As Schulenburg and his opponent were chasing each other through the Apennines, the grand Gallispan army had begun its slow but inexorable advance into Liguria. Belle-Isle’s greatest fear was that the Sardinians would strike him on the march as his army was stretched in a long, snaking column, but no such attack was forthcoming. The Sardinians found the Ligurian Apennines to be devoid of supplies and even with the capture of Ceva could not bring a serious counterattack to bear against the invaders. Owing to delays caused by bad roads and British bombardment, the Gallispan host would not even set foot in enemy territory until late June, but the glacial speed of the advance did not lessen the overwhelming force which it was poised to deliver.


Approximate routes of Schulenburg (red) and Campo Santo (green) in May of 1745 leading up to the Battle of Sarzana (click to enlarge)

Footnotes
[1] “Marquis de Campo Santo” was a victory title given to de la Torre after his participation in the Battle of Campo Santo in 1743, in which he led a commendable cavalry action. Coincidentally, his maneuverings between Modena and Bologna in the spring of 1745 were not far from the 1743 battle site just north of the Panaro.
[2] The Republic of Lucca was a small and weak state centered around the city of Lucca just north of Tuscany. Adroit diplomacy and strong fortifications had managed thus far to preserve Lucca’s independence against stronger neighbors and they had wisely remained neutral in the war, but it seems clear that the Lucchesi themselves favored the Bourbon cause. It was not a violation of neutrality (as it was understood in the 18th century) to accede to the mere passage of a belligerent army, nor to permit the sale of provisions to said army.
[3] The Austrian army in Italy employed a unit of several hundred Catalan irregulars or "partisans," most of them apparently deserters from the Spanish army, led by a certain Colonel Soro (Count Soro in some sources). The Spaniards considered Soro to be a rebel and a traitor, and had standing orders to execute any soldiers of his unit who were captured.

Timeline Notes
[A] IOTL, Gages followed a somewhat similar strategy, although the pass he used was the same that Schulenburg used ITTL, while Campo Santo made an easier crossing further south (IOTL Gages sent his baggage along that route instead). Gages, however, benefited from the fact that he had the larger army - he was originally supposed to attack the Austrians in Modena before suddenly receiving orders to go to Genoa instead - and that the Austrians were initially commanded by Lobkowitz, who was not entirely without merit in the early 1745 campaign but failed to assiduously pursue the foe.

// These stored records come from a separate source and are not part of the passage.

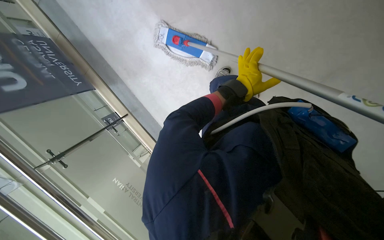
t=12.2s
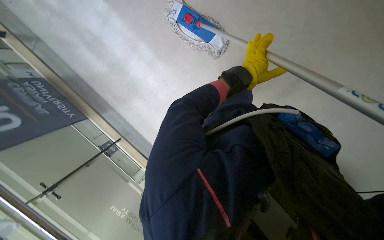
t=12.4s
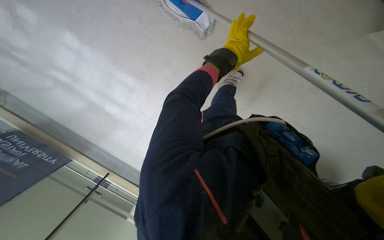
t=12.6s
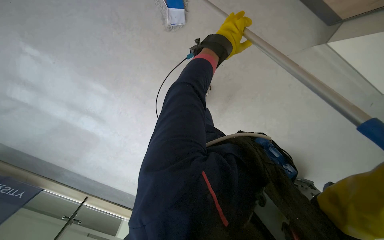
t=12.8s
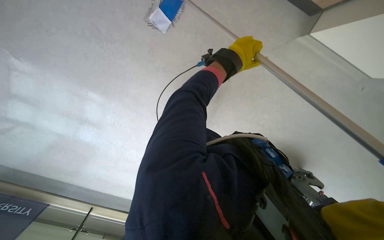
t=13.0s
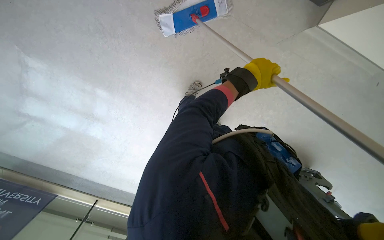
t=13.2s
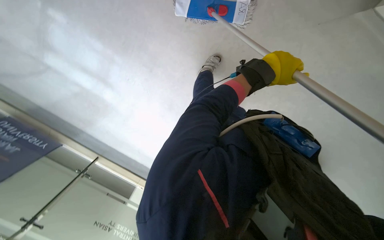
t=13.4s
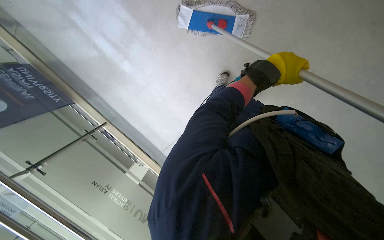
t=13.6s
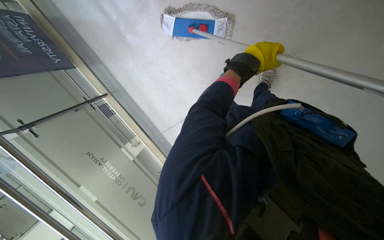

He was sacked and replaced with Schulenburg during the campaign, but not soon enough to matter. The Magra indeed presented a formidable challenge to the Spanish and they encountered considerable trouble trying to span it, but they were ultimately able to cross. As they made their crossing they came under attack from Austrian irregulars who nearly managed to seize the bridge behind them, but a small group of Irish soldiers managed to cut the bridge and swim back through the freezing, churning river whilst under enemy fire.